● **Exercise**
If a line of the data below contains the string "attached", copy it into your answer.

● **Input for this task**
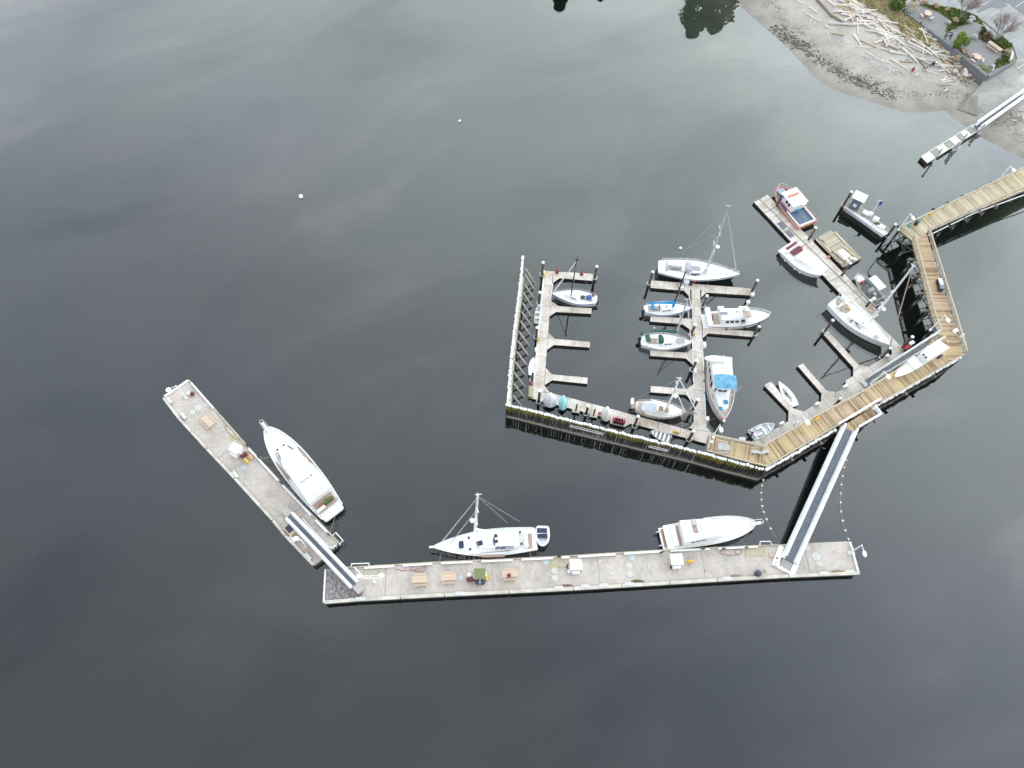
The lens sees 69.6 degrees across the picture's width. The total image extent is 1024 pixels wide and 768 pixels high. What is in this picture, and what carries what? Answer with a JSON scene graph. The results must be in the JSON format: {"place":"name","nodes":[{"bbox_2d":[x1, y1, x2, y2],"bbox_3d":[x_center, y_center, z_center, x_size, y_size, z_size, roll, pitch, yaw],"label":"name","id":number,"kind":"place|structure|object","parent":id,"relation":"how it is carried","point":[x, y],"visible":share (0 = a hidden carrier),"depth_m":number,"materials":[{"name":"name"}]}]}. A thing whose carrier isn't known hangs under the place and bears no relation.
{"place":"outdoors","nodes":[
{"label":"outdoors","id":0,"kind":"place"},
{"bbox_2d":[0,0,1023,767],"bbox_3d":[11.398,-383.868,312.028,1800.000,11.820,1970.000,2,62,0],"label":"water","id":1,"kind":"structure","parent":0,"point":[346,322],"depth_m":117.04,"materials":[{"name":"liquid"}]},
{"bbox_2d":[768,24,900,99],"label":"wrack line","id":2,"kind":"object","parent":1,"relation":"on","point":[858,79],"visible":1,"depth_m":138.70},
{"bbox_2d":[828,21,854,25],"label":"driftwood log","id":3,"kind":"object","parent":1,"relation":"on","point":[837,23],"visible":1,"depth_m":142.67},
{"bbox_2d":[888,0,906,10],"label":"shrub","id":4,"kind":"object","parent":1,"relation":"on","point":[896,5],"visible":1,"depth_m":141.72,"materials":[{"name":"green plant"}]},
{"bbox_2d":[857,0,959,65],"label":"dune grass","id":5,"kind":"structure","parent":1,"relation":"on","point":[900,17],"depth_m":141.35,"materials":[{"name":"plant"}]},
{"bbox_2d":[898,41,926,53],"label":"driftwood log","id":6,"kind":"object","parent":1,"relation":"on","point":[912,47],"visible":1,"depth_m":139.25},
{"bbox_2d":[901,7,1015,84],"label":"retaining wall","id":7,"kind":"structure","parent":1,"relation":"on","point":[979,75],"depth_m":136.77,"materials":[{"name":"concrete"}]},
{"bbox_2d":[957,58,1023,118],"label":"boat ramp","id":8,"kind":"object","parent":1,"relation":"on","point":[996,91],"visible":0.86,"depth_m":134.94,"materials":[{"name":"concrete"}]},
{"bbox_2d":[958,95,981,114],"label":"wet ramp patch","id":9,"kind":"object","parent":8,"relation":"on","point":[969,104],"visible":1,"depth_m":134.28,"materials":[{"name":"concrete"}]},
{"bbox_2d":[974,89,1023,130],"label":"gangway","id":10,"kind":"object","parent":8,"relation":"on","point":[1001,109],"visible":0.98,"depth_m":131.77,"materials":[{"name":"metal"}]},
{"bbox_2d":[528,385,533,398],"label":"float block","id":11,"kind":"structure","parent":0,"point":[530,391],"depth_m":106.05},
{"bbox_2d":[905,4,1011,74],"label":"park path","id":12,"kind":"structure","parent":0,"point":[936,24],"depth_m":139.99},
{"bbox_2d":[907,0,919,12],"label":"flowering shrub","id":13,"kind":"object","parent":12,"relation":"on","point":[913,6],"visible":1,"depth_m":142.01,"materials":[{"name":"beige plant"}]},
{"bbox_2d":[952,31,970,47],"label":"shrub","id":14,"kind":"object","parent":12,"relation":"on","point":[963,38],"visible":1,"depth_m":136.71,"materials":[{"name":"green plant"}]},
{"bbox_2d":[920,4,1012,67],"bbox_3d":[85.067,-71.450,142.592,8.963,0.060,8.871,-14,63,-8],"label":"grass bed","id":15,"kind":"object","parent":12,"relation":"on","point":[942,8],"visible":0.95,"depth_m":142.58,"materials":[{"name":"plant"}]},
{"bbox_2d":[957,0,988,17],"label":"bare tree","id":16,"kind":"object","parent":15,"relation":"on","point":[976,3],"visible":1,"depth_m":138.28,"materials":[{"name":"grey plant"}]},
{"bbox_2d":[970,53,984,61],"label":"round picnic table","id":17,"kind":"object","parent":12,"relation":"on","point":[977,56],"visible":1,"depth_m":135.97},
{"bbox_2d":[978,32,994,42],"bbox_3d":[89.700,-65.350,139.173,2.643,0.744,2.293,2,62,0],"label":"shrub","id":18,"kind":"object","parent":12,"relation":"on","point":[985,37],"visible":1,"depth_m":138.99,"materials":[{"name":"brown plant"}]},
{"bbox_2d":[986,40,1002,53],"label":"picnic table","id":19,"kind":"object","parent":12,"relation":"on","point":[990,42],"visible":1,"depth_m":137.47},
{"bbox_2d":[992,9,1023,39],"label":"bare tree","id":20,"kind":"object","parent":12,"relation":"on","point":[1006,19],"visible":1,"depth_m":136.16,"materials":[{"name":"grey plant"}]},
{"bbox_2d":[919,0,1023,61],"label":"parking lot","id":21,"kind":"structure","parent":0,"point":[1016,39],"depth_m":142.41,"materials":[{"name":"asphalt"}]},
{"bbox_2d":[976,0,1006,12],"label":"wet patch","id":22,"kind":"object","parent":21,"relation":"on","point":[997,3],"visible":1,"depth_m":144.11,"materials":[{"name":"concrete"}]},
{"bbox_2d":[1003,0,1023,13],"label":"road","id":23,"kind":"structure","parent":0,"point":[1015,3],"depth_m":144.32,"materials":[{"name":"asphalt"}]},
{"bbox_3d":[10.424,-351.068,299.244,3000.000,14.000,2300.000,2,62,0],"label":"water","id":24,"kind":"structure","parent":0,"visible":0},
{"bbox_2d":[162,380,340,568],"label":"concrete pier","id":25,"kind":"structure","parent":24,"relation":"on","point":[257,480],"depth_m":99.50,"materials":[{"name":"grey concrete"}]},
{"bbox_2d":[166,385,187,398],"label":"lamp post","id":26,"kind":"object","parent":25,"relation":"on","point":[168,389],"visible":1,"depth_m":100.92,"materials":[{"name":"metal"}]},
{"bbox_2d":[201,415,216,429],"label":"picnic table","id":27,"kind":"object","parent":25,"relation":"on","point":[206,420],"visible":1,"depth_m":102.04,"materials":[{"name":"wood"}]},
{"bbox_2d":[228,442,243,458],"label":"service cabinet","id":28,"kind":"object","parent":25,"relation":"on","point":[236,449],"visible":1,"depth_m":99.56,"materials":[{"name":"metal"}]},
{"bbox_2d":[283,524,296,535],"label":"crate","id":29,"kind":"object","parent":25,"relation":"on","point":[289,529],"visible":0.81,"depth_m":95.21,"materials":[{"name":"wood"}]},
{"bbox_2d":[301,518,336,549],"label":"rail frame","id":30,"kind":"object","parent":25,"relation":"on","point":[318,536],"visible":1,"depth_m":94.82,"materials":[{"name":"white paint"}]},
{"bbox_2d":[259,421,343,521],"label":"motor yacht","id":31,"kind":"object","parent":24,"relation":"on","point":[303,475],"visible":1,"depth_m":97.24,"materials":[{"name":"white plastic"}]},
{"bbox_2d":[429,492,542,558],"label":"sailing yacht","id":32,"kind":"object","parent":24,"relation":"on","point":[494,542],"visible":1,"depth_m":94.51,"materials":[{"name":"white plastic"}]},
{"bbox_2d":[535,526,549,545],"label":"dinghy","id":33,"kind":"object","parent":32,"relation":"hanging from","point":[544,537],"visible":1,"depth_m":95.28,"materials":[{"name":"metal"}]},
{"bbox_2d":[506,256,535,407],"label":"pile wall","id":34,"kind":"structure","parent":24,"relation":"in","point":[514,351],"depth_m":108.08,"materials":[{"name":"grey wood"}]},
{"bbox_2d":[528,357,536,376],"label":"dinghy","id":35,"kind":"object","parent":24,"relation":"on","point":[532,365],"visible":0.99,"depth_m":108.04,"materials":[{"name":"plastic"}]},
{"bbox_2d":[534,326,538,349],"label":"guide pile","id":36,"kind":"object","parent":24,"relation":"in","point":[536,334],"visible":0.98,"depth_m":110.03,"materials":[{"name":"black wood"}]},
{"bbox_2d":[534,304,541,325],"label":"skiff","id":37,"kind":"object","parent":24,"relation":"on","point":[536,317],"visible":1,"depth_m":112.41,"materials":[{"name":"plastic"}]},
{"bbox_2d":[536,389,541,410],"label":"guide pile","id":38,"kind":"object","parent":24,"relation":"in","point":[538,400],"visible":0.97,"depth_m":104.65,"materials":[{"name":"black wood"}]},
{"bbox_2d":[540,261,544,287],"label":"guide pile","id":39,"kind":"object","parent":24,"relation":"in","point":[542,271],"visible":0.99,"depth_m":115.39,"materials":[{"name":"black wood"}]},
{"bbox_2d":[533,270,592,392],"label":"floating dock","id":40,"kind":"object","parent":24,"relation":"on","point":[549,307],"visible":0.94,"depth_m":110.52,"materials":[{"name":"concrete"}]},
{"bbox_2d":[552,255,598,306],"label":"sailboat","id":41,"kind":"object","parent":24,"relation":"on","point":[578,298],"visible":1,"depth_m":113.07,"materials":[{"name":"white plastic"}]},
{"bbox_2d":[583,404,589,421],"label":"guide pile","id":42,"kind":"object","parent":24,"relation":"in","point":[586,412],"visible":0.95,"depth_m":104.39,"materials":[{"name":"black wood"}]},
{"bbox_2d":[323,541,859,605],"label":"concrete pier","id":43,"kind":"structure","parent":24,"relation":"on","point":[709,565],"depth_m":93.75,"materials":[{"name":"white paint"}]},
{"bbox_2d":[281,506,364,594],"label":"gangway","id":44,"kind":"object","parent":43,"relation":"on","point":[327,556],"visible":1,"depth_m":93.46,"materials":[{"name":"metal"}]},
{"bbox_2d":[359,568,379,577],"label":"hatched marking","id":45,"kind":"object","parent":43,"relation":"on","point":[368,572],"visible":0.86,"depth_m":93.32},
{"bbox_2d":[356,573,384,583],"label":"lamp post","id":46,"kind":"object","parent":43,"relation":"on","point":[380,575],"visible":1,"depth_m":89.73,"materials":[{"name":"metal"}]},
{"bbox_2d":[412,573,426,586],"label":"picnic table","id":47,"kind":"object","parent":43,"relation":"on","point":[415,579],"visible":1,"depth_m":92.30,"materials":[{"name":"wood"}]},
{"bbox_2d":[441,570,456,584],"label":"picnic table","id":48,"kind":"object","parent":43,"relation":"on","point":[445,576],"visible":1,"depth_m":92.50,"materials":[{"name":"wood"}]},
{"bbox_2d":[473,568,485,582],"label":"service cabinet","id":49,"kind":"object","parent":43,"relation":"on","point":[479,573],"visible":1,"depth_m":91.89,"materials":[{"name":"green metal"}]},
{"bbox_2d":[502,567,517,580],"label":"picnic table","id":50,"kind":"object","parent":43,"relation":"on","point":[513,572],"visible":1,"depth_m":92.80,"materials":[{"name":"wood"}]},
{"bbox_2d":[549,558,569,567],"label":"hatched marking","id":51,"kind":"object","parent":43,"relation":"on","point":[559,563],"visible":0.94,"depth_m":94.24,"materials":[{"name":"paint"}]},
{"bbox_2d":[568,559,581,574],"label":"service cabinet","id":52,"kind":"object","parent":43,"relation":"on","point":[575,566],"visible":1,"depth_m":92.89,"materials":[{"name":"metal"}]},
{"bbox_2d":[668,553,683,569],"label":"service cabinet","id":53,"kind":"object","parent":43,"relation":"on","point":[675,561],"visible":1,"depth_m":93.41,"materials":[{"name":"metal"}]},
{"bbox_2d":[744,547,765,556],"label":"hatched marking","id":54,"kind":"object","parent":43,"relation":"on","point":[755,552],"visible":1,"depth_m":95.21,"materials":[{"name":"paint"}]},
{"bbox_2d":[771,545,800,573],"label":"landing","id":55,"kind":"object","parent":43,"relation":"on","point":[786,566],"visible":0.99,"depth_m":94.33,"materials":[{"name":"white paint"}]},
{"bbox_2d":[812,552,820,560],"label":"round cover","id":56,"kind":"object","parent":43,"relation":"on","point":[816,556],"visible":1,"depth_m":95.05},
{"bbox_2d":[848,545,866,556],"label":"lamp post","id":57,"kind":"object","parent":43,"relation":"on","point":[864,553],"visible":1,"depth_m":91.88,"materials":[{"name":"metal"}]},
{"bbox_2d":[591,265,597,291],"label":"guide pile","id":58,"kind":"object","parent":24,"relation":"in","point":[595,276],"visible":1,"depth_m":115.39,"materials":[{"name":"black wood"}]},
{"bbox_2d":[531,392,693,441],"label":"floating dock","id":59,"kind":"object","parent":24,"relation":"on","point":[651,425],"visible":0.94,"depth_m":104.43,"materials":[{"name":"concrete"}]},
{"bbox_2d":[543,392,556,407],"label":"stored dinghy","id":60,"kind":"object","parent":59,"relation":"on","point":[550,400],"visible":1,"depth_m":104.24,"materials":[{"name":"plastic"}]},
{"bbox_2d":[558,395,567,409],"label":"stored dinghy","id":61,"kind":"object","parent":59,"relation":"on","point":[562,403],"visible":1,"depth_m":104.09,"materials":[{"name":"teal paint"}]},
{"bbox_2d":[601,406,611,421],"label":"stored dinghy","id":62,"kind":"object","parent":59,"relation":"on","point":[606,413],"visible":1,"depth_m":103.36,"materials":[{"name":"plastic"}]},
{"bbox_2d":[505,403,763,486],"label":"pile wall","id":63,"kind":"structure","parent":24,"relation":"in","point":[682,460],"depth_m":102.16,"materials":[{"name":"brown wood"}]},
{"bbox_2d":[570,425,603,434],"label":"hand pipe","id":64,"kind":"object","parent":63,"relation":"attached to","point":[587,430],"visible":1,"depth_m":101.33,"materials":[{"name":"metal"}]},
{"bbox_2d":[629,415,639,436],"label":"guide pile","id":65,"kind":"object","parent":24,"relation":"in","point":[634,424],"visible":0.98,"depth_m":103.30,"materials":[{"name":"black wood"}]},
{"bbox_2d":[644,270,653,296],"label":"guide pile","id":66,"kind":"object","parent":24,"relation":"in","point":[649,282],"visible":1,"depth_m":115.07,"materials":[{"name":"black wood"}]},
{"bbox_2d":[651,430,673,442],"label":"skiff","id":67,"kind":"object","parent":24,"relation":"on","point":[661,436],"visible":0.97,"depth_m":103.30,"materials":[{"name":"black paint"}]},
{"bbox_2d":[630,376,697,420],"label":"sailing yacht","id":68,"kind":"object","parent":24,"relation":"on","point":[656,409],"visible":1,"depth_m":103.89,"materials":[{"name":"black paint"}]},
{"bbox_2d":[638,299,692,350],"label":"sailboat","id":69,"kind":"object","parent":24,"relation":"on","point":[660,341],"visible":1,"depth_m":109.39,"materials":[{"name":"white plastic"}]},
{"bbox_2d":[641,269,691,316],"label":"sailboat","id":70,"kind":"object","parent":24,"relation":"on","point":[671,308],"visible":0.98,"depth_m":112.19,"materials":[{"name":"white plastic"}]},
{"bbox_2d":[682,429,694,449],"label":"guide pile","id":71,"kind":"object","parent":24,"relation":"in","point":[689,437],"visible":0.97,"depth_m":102.69,"materials":[{"name":"black wood"}]},
{"bbox_2d":[686,359,697,381],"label":"guide pile","id":72,"kind":"object","parent":24,"relation":"in","point":[692,368],"visible":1,"depth_m":107.93,"materials":[{"name":"black wood"}]},
{"bbox_2d":[686,398,699,420],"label":"guide pile","id":73,"kind":"object","parent":24,"relation":"in","point":[695,404],"visible":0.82,"depth_m":104.79,"materials":[{"name":"black wood"}]},
{"bbox_2d":[658,204,739,284],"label":"sailing yacht","id":74,"kind":"object","parent":24,"relation":"on","point":[699,272],"visible":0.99,"depth_m":115.07,"materials":[{"name":"white paint"}]},
{"bbox_2d":[649,280,752,445],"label":"floating dock","id":75,"kind":"object","parent":24,"relation":"on","point":[696,389],"visible":0.94,"depth_m":111.14,"materials":[{"name":"concrete"}]},
{"bbox_2d":[656,516,763,549],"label":"motor yacht","id":76,"kind":"object","parent":24,"relation":"on","point":[694,533],"visible":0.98,"depth_m":95.44,"materials":[{"name":"white plastic"}]},
{"bbox_2d":[703,355,739,422],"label":"motor yacht","id":77,"kind":"object","parent":24,"relation":"on","point":[720,380],"visible":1,"depth_m":104.57,"materials":[{"name":"white plastic"}]},
{"bbox_2d":[701,300,770,330],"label":"trawler yacht","id":78,"kind":"object","parent":24,"relation":"on","point":[739,317],"visible":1,"depth_m":110.83,"materials":[{"name":"white plastic"}]},
{"bbox_2d":[744,279,758,304],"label":"guide pile","id":79,"kind":"object","parent":24,"relation":"in","point":[753,287],"visible":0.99,"depth_m":114.09,"materials":[{"name":"black wood"}]},
{"bbox_2d":[747,325,760,346],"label":"guide pile","id":80,"kind":"object","parent":24,"relation":"in","point":[754,334],"visible":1,"depth_m":110.99,"materials":[{"name":"black wood"}]},
{"bbox_2d":[748,423,774,440],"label":"skiff","id":81,"kind":"object","parent":24,"relation":"on","point":[757,431],"visible":1,"depth_m":103.95,"materials":[{"name":"black paint"}]},
{"bbox_2d":[760,479,779,543],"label":"float line","id":82,"kind":"object","parent":24,"relation":"on","point":[766,519],"visible":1,"depth_m":98.98,"materials":[{"name":"plastic"}]},
{"bbox_2d":[778,381,798,407],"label":"dinghy","id":83,"kind":"object","parent":24,"relation":"on","point":[788,395],"visible":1,"depth_m":106.45,"materials":[{"name":"plastic"}]},
{"bbox_2d":[751,429,836,487],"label":"pile wall","id":84,"kind":"structure","parent":24,"relation":"in","point":[786,462],"depth_m":100.83,"materials":[{"name":"white wood"}]},
{"bbox_2d":[775,183,817,229],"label":"patrol boat","id":85,"kind":"object","parent":24,"relation":"on","point":[796,211],"visible":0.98,"depth_m":121.43,"materials":[{"name":"white plastic"}]},
{"bbox_2d":[778,241,825,278],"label":"cabin cruiser","id":86,"kind":"object","parent":24,"relation":"on","point":[798,257],"visible":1,"depth_m":116.76,"materials":[{"name":"white plastic"}]},
{"bbox_2d":[815,319,834,343],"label":"guide pile","id":87,"kind":"object","parent":24,"relation":"in","point":[825,330],"visible":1,"depth_m":111.37,"materials":[{"name":"black wood"}]},
{"bbox_2d":[749,332,903,447],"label":"floating dock","id":88,"kind":"object","parent":24,"relation":"on","point":[859,375],"visible":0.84,"depth_m":107.04,"materials":[{"name":"concrete"}]},
{"bbox_2d":[861,329,945,387],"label":"gangway","id":89,"kind":"object","parent":88,"relation":"on","point":[903,358],"visible":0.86,"depth_m":107.47,"materials":[{"name":"metal"}]},
{"bbox_2d":[902,340,914,351],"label":"hand cart","id":90,"kind":"object","parent":88,"relation":"on","point":[909,345],"visible":0.77,"depth_m":109.86,"materials":[{"name":"red paint"}]},
{"bbox_2d":[753,195,901,354],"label":"floating dock","id":91,"kind":"object","parent":24,"relation":"on","point":[768,210],"visible":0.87,"depth_m":117.83,"materials":[{"name":"concrete"}]},
{"bbox_2d":[814,230,861,269],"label":"work raft","id":92,"kind":"object","parent":24,"relation":"on","point":[832,241],"visible":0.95,"depth_m":118.75,"materials":[{"name":"wood"}]},
{"bbox_2d":[837,249,850,260],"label":"deck box","id":93,"kind":"object","parent":92,"relation":"on","point":[844,255],"visible":1,"depth_m":117.38,"materials":[{"name":"plastic"}]},
{"bbox_2d":[835,190,852,218],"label":"guide pile","id":94,"kind":"object","parent":24,"relation":"in","point":[845,202],"visible":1,"depth_m":122.89,"materials":[{"name":"black wood"}]},
{"bbox_2d":[839,457,849,540],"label":"float line","id":95,"kind":"object","parent":24,"relation":"on","point":[840,502],"visible":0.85,"depth_m":99.69,"materials":[{"name":"plastic"}]},
{"bbox_2d":[706,167,1023,467],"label":"boardwalk","id":96,"kind":"structure","parent":24,"relation":"in","point":[1007,187],"depth_m":107.94,"materials":[{"name":"brown wood"}]},
{"bbox_2d":[718,442,729,453],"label":"picnic table","id":97,"kind":"object","parent":96,"relation":"on","point":[723,446],"visible":1,"depth_m":98.40,"materials":[{"name":"wood"}]},
{"bbox_2d":[781,423,858,563],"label":"gangway","id":98,"kind":"object","parent":96,"relation":"attached to","point":[807,521],"visible":1,"depth_m":96.94,"materials":[{"name":"metal"}]},
{"bbox_2d":[894,356,922,376],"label":"covered boat","id":99,"kind":"object","parent":96,"relation":"on","point":[913,363],"visible":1,"depth_m":104.33,"materials":[{"name":"fabric"}]},
{"bbox_2d":[916,340,949,368],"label":"pier kiosk","id":100,"kind":"object","parent":96,"relation":"on","point":[935,349],"visible":0.96,"depth_m":104.47,"materials":[{"name":"white paint"}]},
{"bbox_2d":[841,203,889,240],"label":"fuel float","id":101,"kind":"object","parent":24,"relation":"on","point":[859,219],"visible":0.91,"depth_m":121.17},
{"bbox_2d":[849,190,867,210],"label":"kiosk","id":102,"kind":"object","parent":101,"relation":"on","point":[859,198],"visible":1,"depth_m":120.89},
{"bbox_2d":[854,273,886,306],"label":"aluminium boat","id":103,"kind":"object","parent":24,"relation":"on","point":[869,288],"visible":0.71,"depth_m":114.84,"materials":[{"name":"grey metal"}]},
{"bbox_2d":[826,262,916,347],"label":"sailing yacht","id":104,"kind":"object","parent":24,"relation":"on","point":[843,311],"visible":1,"depth_m":111.04,"materials":[{"name":"white plastic"}]},
{"bbox_2d":[875,346,891,362],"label":"guide pile","id":105,"kind":"object","parent":24,"relation":"in","point":[886,352],"visible":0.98,"depth_m":108.67,"materials":[{"name":"black wood"}]},
{"bbox_2d":[876,223,896,249],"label":"guide pile","id":106,"kind":"object","parent":24,"relation":"in","point":[887,235],"visible":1,"depth_m":120.07,"materials":[{"name":"black wood"}]},
{"bbox_2d":[872,357,961,412],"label":"pile wall","id":107,"kind":"structure","parent":24,"relation":"in","point":[910,390],"depth_m":106.34,"materials":[{"name":"white wood"}]},
{"bbox_2d":[919,124,977,165],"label":"float","id":108,"kind":"object","parent":24,"relation":"on","point":[927,158],"visible":0.96,"depth_m":129.69,"materials":[{"name":"metal"}]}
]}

● **Written answer**
{"bbox_2d":[570,425,603,434],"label":"hand pipe","id":64,"kind":"object","parent":63,"relation":"attached to","point":[587,430],"visible":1,"depth_m":101.33,"materials":[{"name":"metal"}]},
{"bbox_2d":[781,423,858,563],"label":"gangway","id":98,"kind":"object","parent":96,"relation":"attached to","point":[807,521],"visible":1,"depth_m":96.94,"materials":[{"name":"metal"}]},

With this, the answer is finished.